Eu acabei por arranjar uma vela que acendi para camuflar o cheiro do tabaco. Não era uma vela de cheiro. Acho que nem havia velas de cheiro naquela altura. Ou eu não as conhecia. Era uma vela daquelas para iluminar a casa quando faltava energia. Estava em cima da secretária.
Foi no princípio da noite de Domingo que aconteceu. Estávamos na cama. No divã. Eu estava em cima dela. Dentro dela. Ela estava com os pés fora da cama. Era grande. Maior que eu. E num momento de maior emoção, deu um esticão com as pernas e bateu na secretária. A secretária abanou. Deitou a vela abaixo. Mas a vela não se apagou. Só demos por ela quando nos cheirou a queimado. Eu ergui a cabeça e vi umas pequenas chamas. A secretária estava a arder. Eu levantei-me. Ela levantou-se. Ela saiu pela porta do quarto. Nua. Foi a correr à cozinha. Eu, nu, pus-me a mijar para cima da secretária. Para apagar as chamas. Quando ela voltou para o quarto, nua, com uma tigela com água para despejar na secretária, cruzou-se com o senhorio, que já tinha regressado a casa.
Ela parou à frente dele.
Ele olhou-a admirado.
Eu tinha acabado de mijar sobre as chamas da secretária e olhei para eles os dois.
Ela disse Olá, pai.
Ele disse Olá.
Eu sacudi-me. Ela entrou no quarto e começou a vestir-se. O senhorio virou-se para mim e disse Vais-te embora. Hoje, e voltou para o quarto dele.
Eu senti-me um bocado perdido. Acabei por me vestir, também. Acabei por sair com ela. Entrámos no Viriato, um pequeno restaurante que havia lá ao pé de casa. Sentia-me com muita fome. Ela também. Pedi um bitoque. Ela também. Mas o dela sem ovo. Bebemos cerveja. E, então, ela contou-me.
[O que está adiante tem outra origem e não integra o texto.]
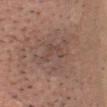This is a white-light tile. The lesion is on the head or neck. Cropped from a whole-body photographic skin survey; the tile spans about 15 mm. Measured at roughly 6.5 mm in maximum diameter. The subject is a male aged approximately 60.
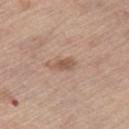  biopsy_status: not biopsied; imaged during a skin examination
  lighting: white-light
  image:
    source: total-body photography crop
    field_of_view_mm: 15
  patient:
    sex: male
    age_approx: 70
  automated_metrics:
    nevus_likeness_0_100: 5
    lesion_detection_confidence_0_100: 100
  lesion_size:
    long_diameter_mm_approx: 3.0
  site: right thigh
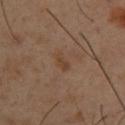Notes:
– follow-up · imaged on a skin check; not biopsied
– image source · ~15 mm tile from a whole-body skin photo
– anatomic site · the upper back
– patient · male, approximately 40 years of age
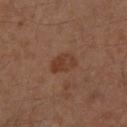No biopsy was performed on this lesion — it was imaged during a full skin examination and was not determined to be concerning.
A 15 mm crop from a total-body photograph taken for skin-cancer surveillance.
From the leg.
A male subject, about 60 years old.
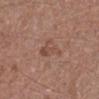About 4 mm across.
A male subject, aged around 60.
The lesion is on the left lower leg.
This is a white-light tile.
A close-up tile cropped from a whole-body skin photograph, about 15 mm across.
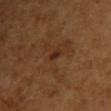Assessment: The lesion was tiled from a total-body skin photograph and was not biopsied. Clinical summary: A 15 mm close-up tile from a total-body photography series done for melanoma screening. From the upper back. An algorithmic analysis of the crop reported a footprint of about 1.5 mm², an outline eccentricity of about 0.85 (0 = round, 1 = elongated), and a symmetry-axis asymmetry near 0.4. And it measured a classifier nevus-likeness of about 0/100 and a lesion-detection confidence of about 100/100. The patient is a female aged approximately 55. This is a cross-polarized tile.
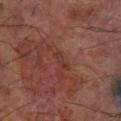Part of a total-body skin-imaging series; this lesion was reviewed on a skin check and was not flagged for biopsy. Cropped from a total-body skin-imaging series; the visible field is about 15 mm. The subject is a male about 65 years old. Captured under cross-polarized illumination. About 2.5 mm across. On the right forearm.
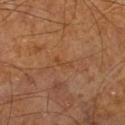Part of a total-body skin-imaging series; this lesion was reviewed on a skin check and was not flagged for biopsy. A male patient aged 58 to 62. Longest diameter approximately 2.5 mm. A region of skin cropped from a whole-body photographic capture, roughly 15 mm wide. Imaged with cross-polarized lighting. Located on the right lower leg. An algorithmic analysis of the crop reported a mean CIELAB color near L≈42 a*≈21 b*≈34 and a normalized lesion–skin contrast near 5. The software also gave a border-irregularity index near 5.5/10, internal color variation of about 0 on a 0–10 scale, and a peripheral color-asymmetry measure near 0. The analysis additionally found a classifier nevus-likeness of about 0/100 and a detector confidence of about 95 out of 100 that the crop contains a lesion.
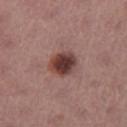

Aquele homem, o meu senhorio, era o pai dela. Era o pai dela durante os fins-de-semana. Os fins-de-semana que passava lá em casa. Com a mãe. Com o irmão. Durante a semana era suposto andar a viajar. Caixeiro viajante. O pai era representante de uma marca de tintas e passava a vida na estrada a mostrar o produto que vendia. Atender clientes. Dar apoio. Logística. Afinal, era mentira. Afinal durante a semana era senhorio de uma casa onde alugava quartos a jovens estudantes.
Eu saí de casa ainda durante aquela noite. Subi três andares e fui para casa de um vizinho que conhecia. Duas semanas depois fui dividir um apartamento com mais três amigos da Faculdade.
Ainda andei alguns meses com ela. Depois fui passar uma Queima-das-Fitas a Coimbra e nunca mais regressei a Lisboa. Desisti do curso. Tornei-me DJ em Coimbra, e por lá fiquei.
Lembrei-me hoje desta minha aventura ao ler na revista Visão a história de um homem que tinha duas famílias. Duas famílias simétricas. Duas mulheres. Uma loura. Outra morena. Um casal de filhos de cada mulher. De idades similares.
O pai dela não tinha duas famílias. Mas vivia duas vidas. Não sei como é que elas terminaram. Nem se terminaram. Nunca mais a vi. Nem a ela nem o pai dela.